Deutsche Industrie mit markant weniger Aufträgen aus Eurozone

Lesedauer: 2 Min
Die Auftragseingänge für die deutsche Industrie fallen auch im Dezember deutlich um 2.1 % gegenüber dem Vormonat. Der Auftragsrückgang aus der Eurozone war mit 13.9% extrem.

Während der Veröffentlichung der deutschen Auftragseingangsdaten hält man als Volkswirt mittlerweile die Luft an. Leider war heute danach kein Durchatmen angesagt. Auch im letzten Monat des Jahres 2019 stand ein deutliches Minus zu Buche. Auch ohne die volatilen Grossaufträge lag der Rückgang bei 1.3 %. Man kann also den Auftragsrückgang nicht auf Sondereffekte schieben. Besonders furchteinflössend sieht der Auftragseingang im Jahresvergleich aus. Gegenüber Dezember 2018 wurde ein Minus von 8.7% vermeldet.
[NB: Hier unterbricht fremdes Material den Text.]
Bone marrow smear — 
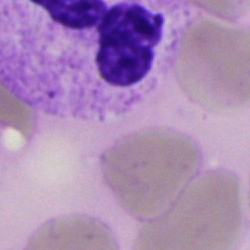

Q: What is shown here?
A: It is an artifact.
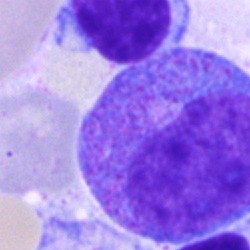 A progranulocyte on a bone marrow smear.
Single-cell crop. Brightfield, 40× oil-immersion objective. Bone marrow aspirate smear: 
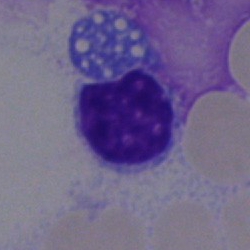
Cell type = lymphocyte.
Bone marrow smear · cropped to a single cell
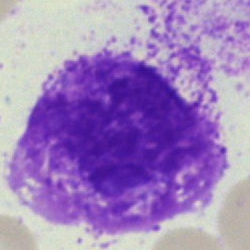

Specimen: bone marrow smear.
Classification: artefact.
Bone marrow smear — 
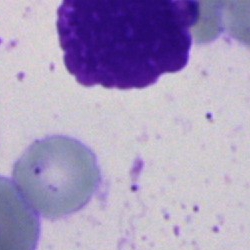
Q: What is shown here?
A: An artifact.
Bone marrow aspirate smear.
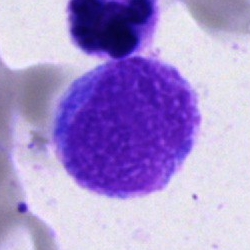This is an artefact.
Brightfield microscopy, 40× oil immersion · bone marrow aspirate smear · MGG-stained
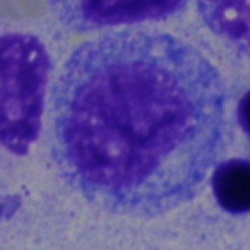 A promyelocyte.
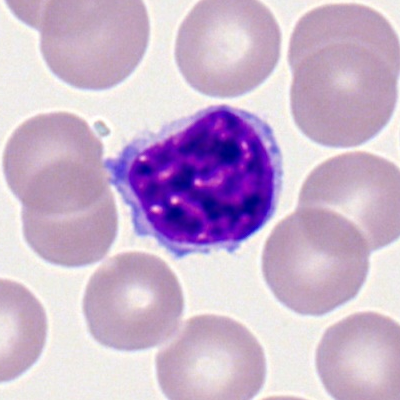
Classification — typical lymphocyte.
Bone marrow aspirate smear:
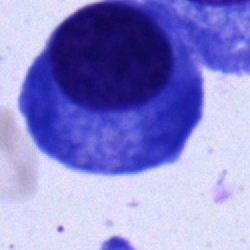

Q: What is shown here?
A: It is a plasma cell.
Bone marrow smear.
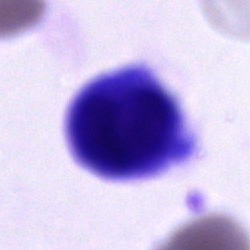 Q: What is the morphological classification of this cell?
A: It is an unidentifiable cell.
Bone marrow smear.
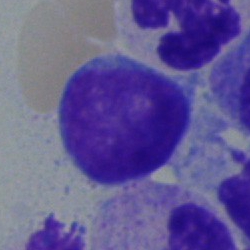
The cell shown is an undifferentiated blast.
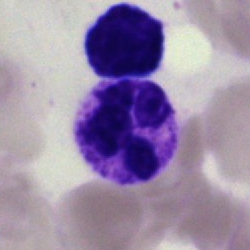
Specimen: bone marrow aspirate smear.
Classification: segmented neutrophil.
Lineage: myeloid.
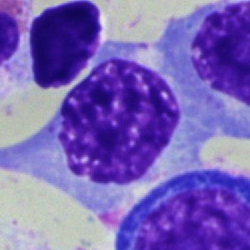

Cell: nucleated red blood cell.
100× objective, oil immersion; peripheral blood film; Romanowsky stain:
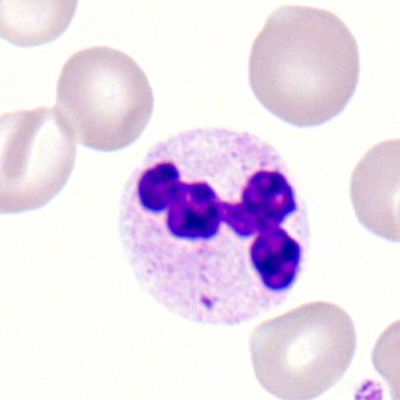Morphology — neutrophil (segmented).
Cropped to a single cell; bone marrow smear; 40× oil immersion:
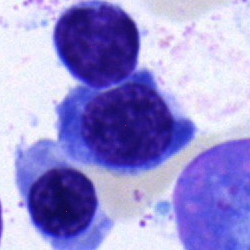
Specimen: bone marrow aspirate smear.
Cell: erythroblast.
Lineage: erythroid.

In der ganzen Eurozone stimmt etwas nicht. Es klemmt gewaltig. Ein Auftragsrückgang von 13.9% im Monatsvergleich kommt nicht allzu häufig vor. Die Handelskonflikte und das Ausscheiden Grossbritanniens aus der EU haben zum Jahresende massiv belastet.

Mit dem rückläufigen Auftragseingang zum Jahresende gibt es keine Hoffnung mehr auf eine anziehende Industrieproduktion im laufenden ersten Quartal. Damit läuft die deutsche Volkswirtschaft Gefahr, erneut einen Rückgang des Bruttoinlandprodukts (BIP) verbuchen zu müssen. Die Rezession in der deutschen Industrie setzt sich fort, die Wirtschaft läuft also nur mit einem Zylinder. Die Binnenwirtschaft bleibt die Stütze, massgeblich getragen von einem robusten privaten und öffentlichen Konsum. Die Exportwirtschaft ist ein Ausfall.
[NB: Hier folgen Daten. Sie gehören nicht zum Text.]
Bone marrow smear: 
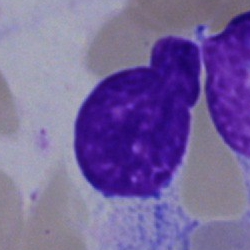Q: What is shown here?
A: Artifact.
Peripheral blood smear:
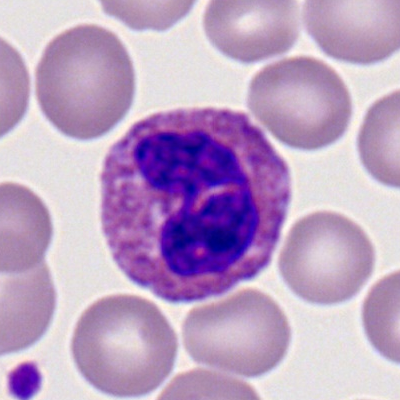 The classification is eosinophilic granulocyte.
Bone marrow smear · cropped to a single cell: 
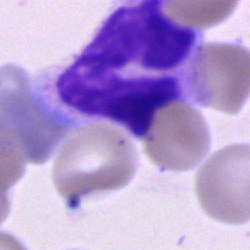 Specimen: bone marrow smear.
Morphological class: band neutrophil.
Lineage: myeloid.
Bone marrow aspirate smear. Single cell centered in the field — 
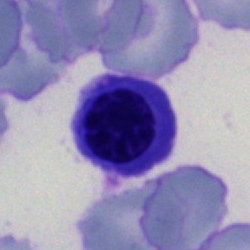 Q: What type of cell is this?
A: This is a nucleated red blood cell.
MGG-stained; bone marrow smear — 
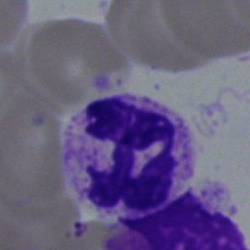 Q: What type of cell is this?
A: Segmented neutrophil.
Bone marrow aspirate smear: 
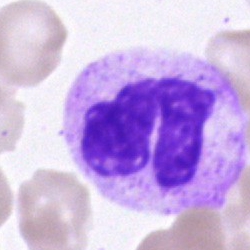 Showing a polymorphonuclear neutrophil.
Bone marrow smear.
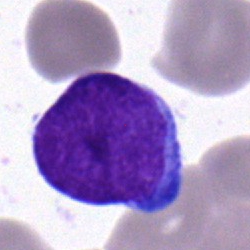 Blast cell.
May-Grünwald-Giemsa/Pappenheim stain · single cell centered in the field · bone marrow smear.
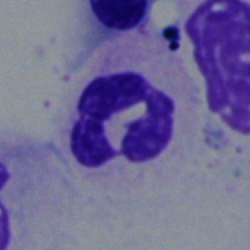Impression → segmented neutrophil.
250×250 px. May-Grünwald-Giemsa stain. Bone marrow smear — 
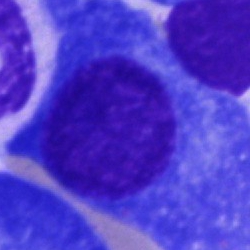Morphology — plasmacyte.
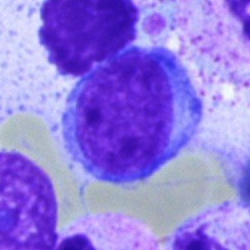 Showing a lymphocyte.
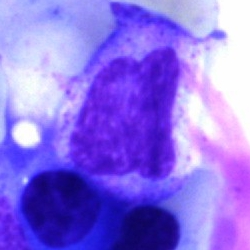
Classification — artifact.

Wichtige Konjunkturfrühindikatoren verbesserten sich zuletzt – gerade auch im Hinblick auf das verarbeitende Gewerbe. Dies legt nahe, dass sich die Auftragseingänge in den kommenden Monaten stabilisieren könnten. Es wäre aber vermessen von einer Flut neuer Aufträge auszugehen. Die globale Industrie wird vorerst nicht zu alter Stärke zurückfinden. Das neue Coronavirus bremst die Entwicklung. Wichtige Lieferketten sind aufgrund von Produktionsausfällen in China unterbrochen. Die gute Nachricht ist, dass es sich um einen temporären Effekt handelt. Im zweiten Quartal kann sogar mit Nachholeffekten gerechnet werden.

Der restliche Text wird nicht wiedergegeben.